=== Input data ===
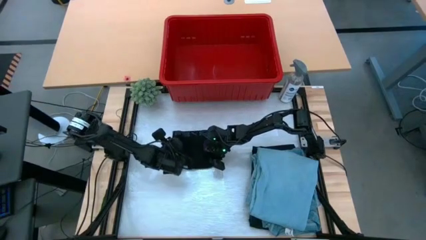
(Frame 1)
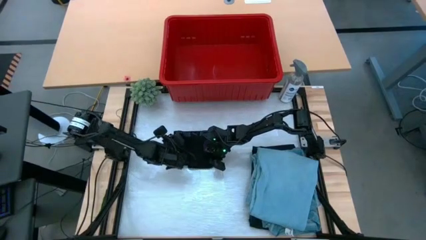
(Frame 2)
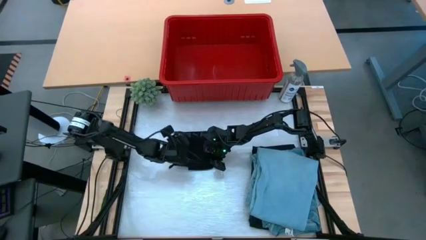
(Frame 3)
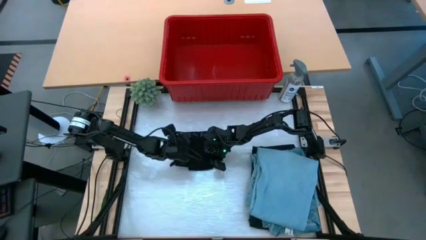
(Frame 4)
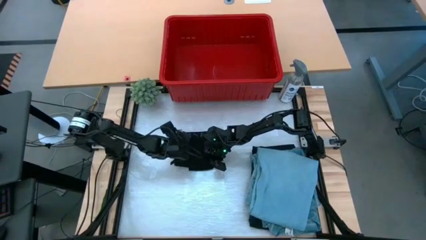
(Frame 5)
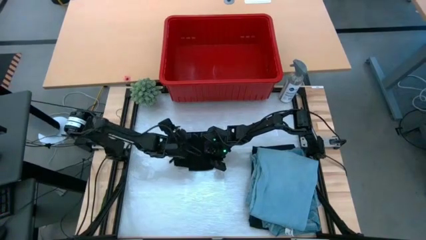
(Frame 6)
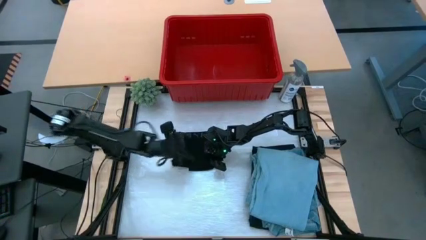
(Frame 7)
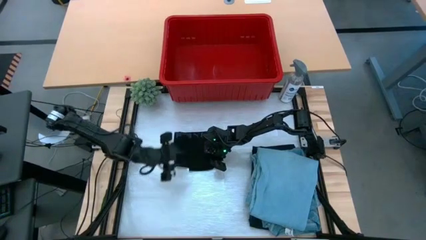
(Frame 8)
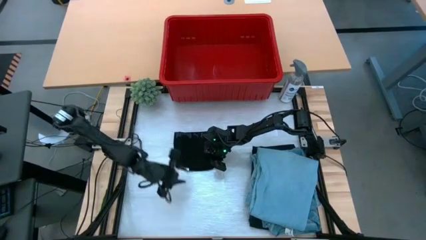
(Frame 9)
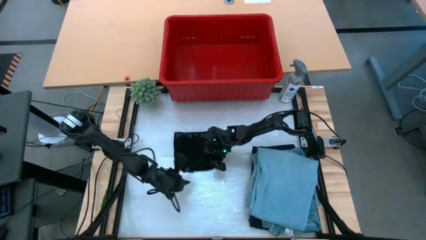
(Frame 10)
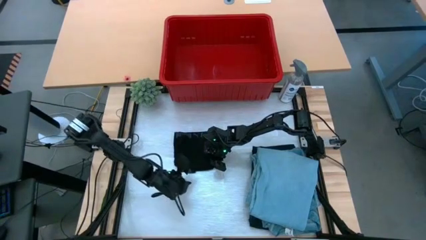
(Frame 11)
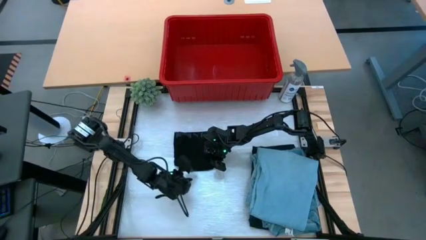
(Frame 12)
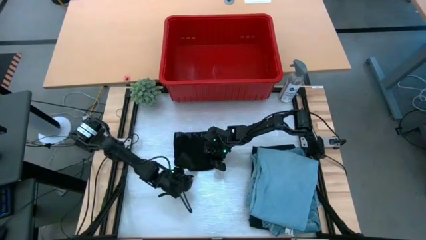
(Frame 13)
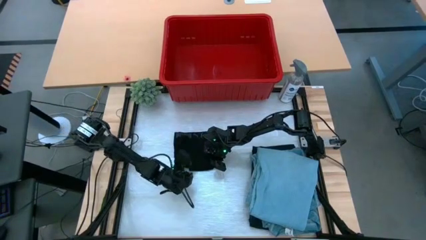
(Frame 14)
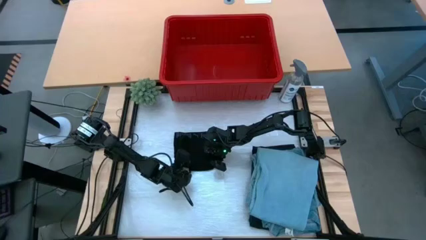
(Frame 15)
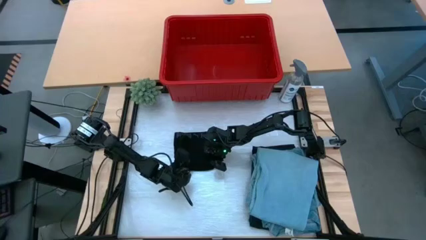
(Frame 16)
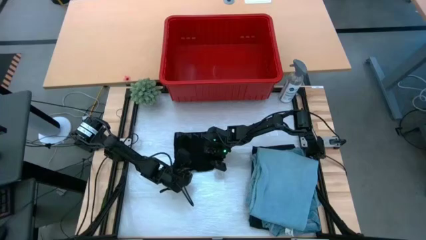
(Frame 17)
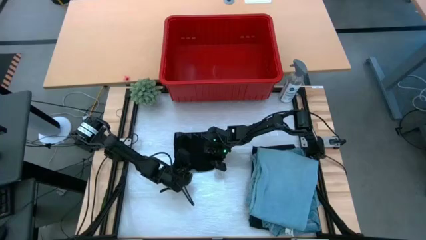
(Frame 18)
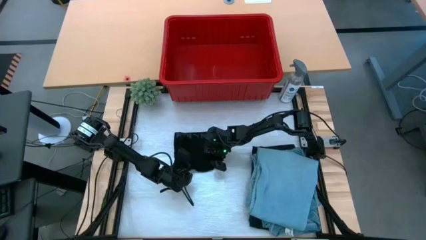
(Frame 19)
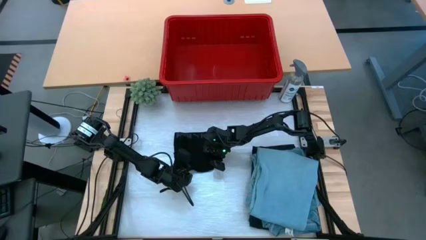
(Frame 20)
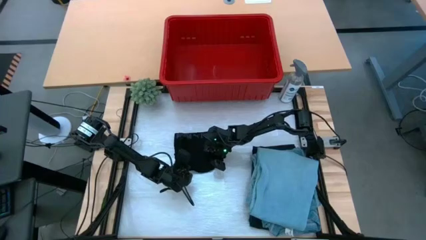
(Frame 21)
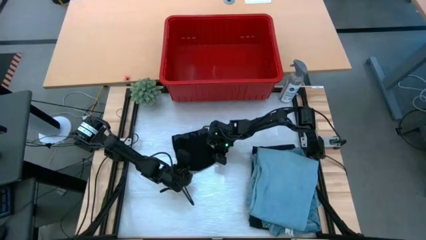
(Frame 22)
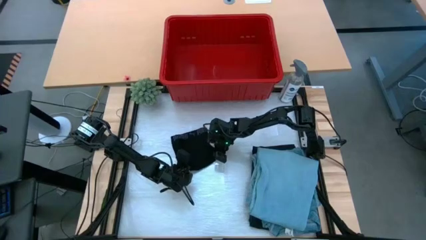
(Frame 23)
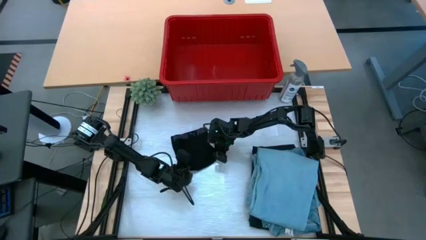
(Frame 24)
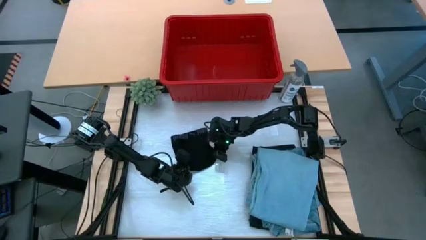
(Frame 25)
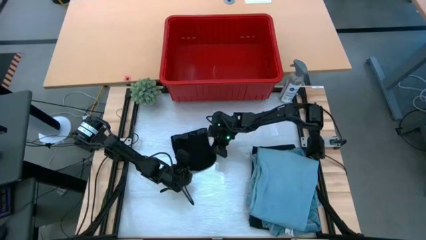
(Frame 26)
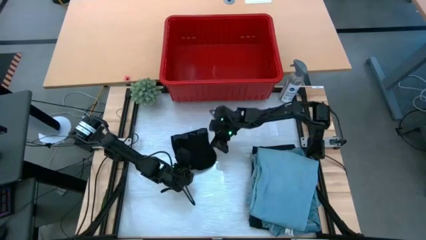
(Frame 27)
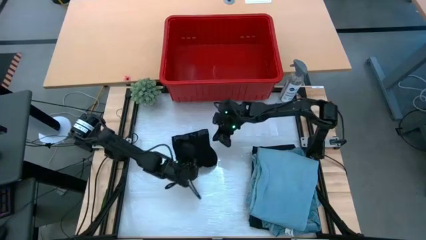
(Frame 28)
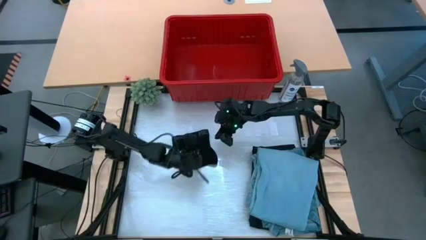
===
Exercise instructions: All of the entries above must be reproduced exactly, and no image may be included.

Result below:
(Frame 1)
(Frame 2)
(Frame 3)
(Frame 4)
(Frame 5)
(Frame 6)
(Frame 7)
(Frame 8)
(Frame 9)
(Frame 10)
(Frame 11)
(Frame 12)
(Frame 13)
(Frame 14)
(Frame 15)
(Frame 16)
(Frame 17)
(Frame 18)
(Frame 19)
(Frame 20)
(Frame 21)
(Frame 22)
(Frame 23)
(Frame 24)
(Frame 25)
(Frame 26)
(Frame 27)
(Frame 28)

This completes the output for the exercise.